ACTIVITY - A word-for-word copy of the entries, with the images left out, is what you should write.
(EXERCISE INPUTS)
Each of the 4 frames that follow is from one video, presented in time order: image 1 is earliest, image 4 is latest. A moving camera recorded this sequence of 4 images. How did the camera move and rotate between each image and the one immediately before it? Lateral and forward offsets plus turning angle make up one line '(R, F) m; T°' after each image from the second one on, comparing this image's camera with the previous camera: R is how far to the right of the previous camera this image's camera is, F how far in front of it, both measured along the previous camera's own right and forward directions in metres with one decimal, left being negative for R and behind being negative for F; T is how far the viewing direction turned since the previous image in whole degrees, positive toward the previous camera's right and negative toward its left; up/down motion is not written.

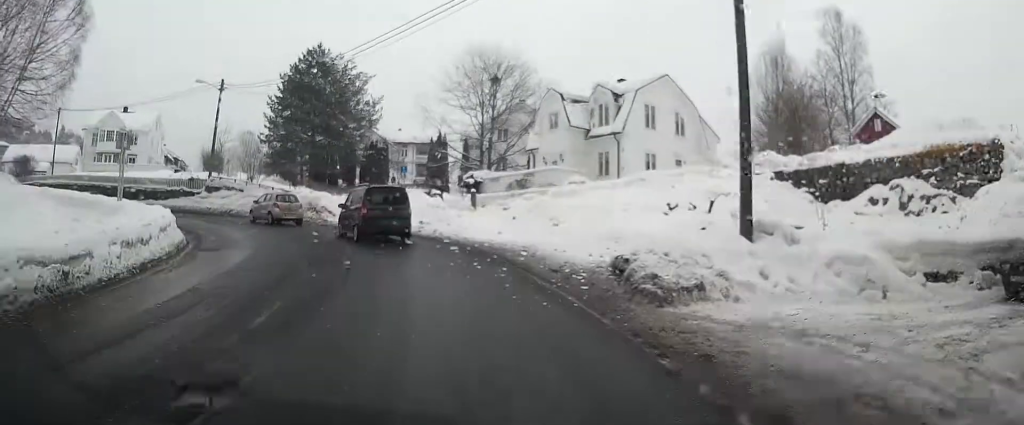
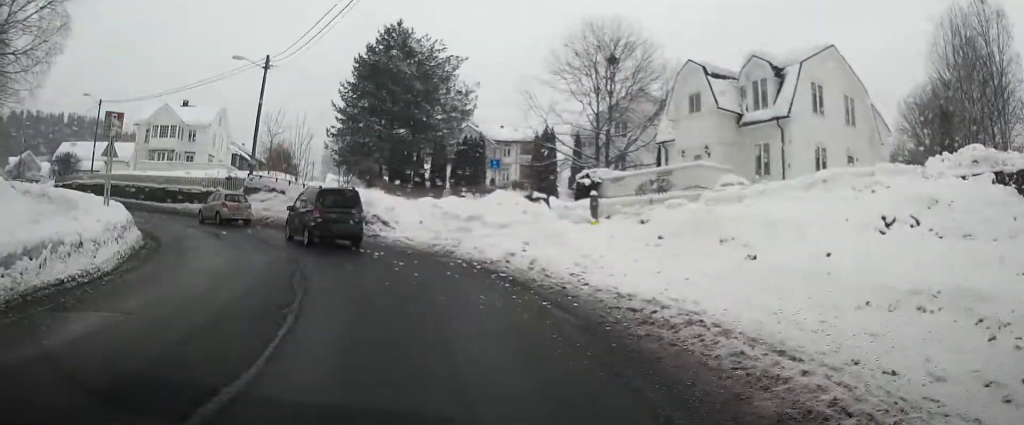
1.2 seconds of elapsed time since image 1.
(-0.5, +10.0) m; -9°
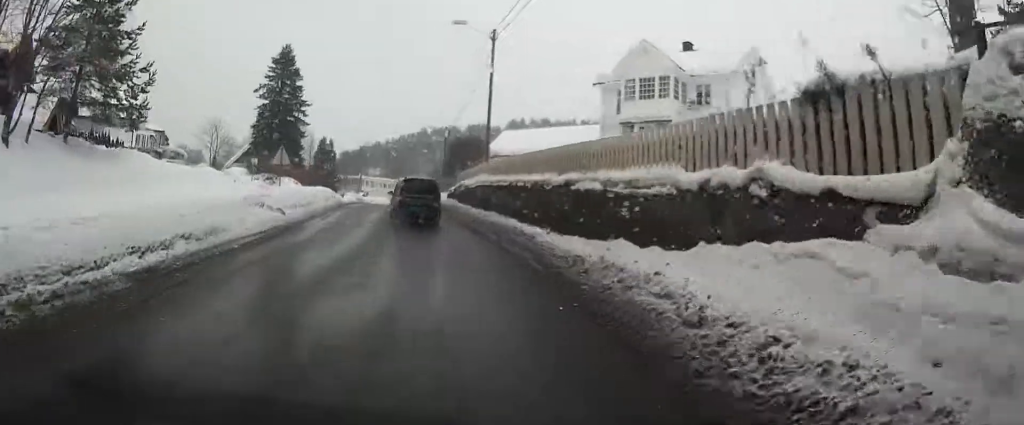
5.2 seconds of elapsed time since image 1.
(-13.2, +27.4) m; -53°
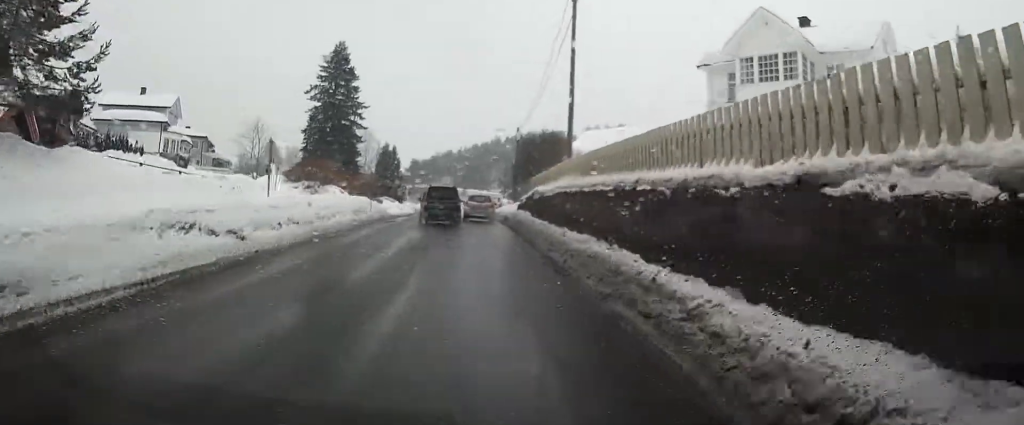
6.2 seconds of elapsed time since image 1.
(End EXERCISE INPUTS)
ANSWER TO THIS EXERCISE -
Each of the 4 frames that follow is from one video, presented in time order: image 1 is earliest, image 4 is latest. A moving camera recorded this sequence of 4 images. How did the camera move and rotate between each image and the one immediately before it? Lateral and forward offsets plus turning angle make up one line '(R, F) m; T°' after each image from the second one on, comparing this image's camera with the previous camera: R is how far to the right of the previous camera this image's camera is, F how far in front of it, both measured along the previous camera's own right and forward directions in metres with one decimal, left being negative for R and behind being negative for F; T is how far the viewing direction turned since the previous image in whole degrees, positive toward the previous camera's right and negative toward its left; up/down motion is not written.

1.2 seconds of elapsed time since image 1.
(-0.5, +10.0) m; -9°
5.2 seconds of elapsed time since image 1.
(-13.2, +27.4) m; -53°
6.2 seconds of elapsed time since image 1.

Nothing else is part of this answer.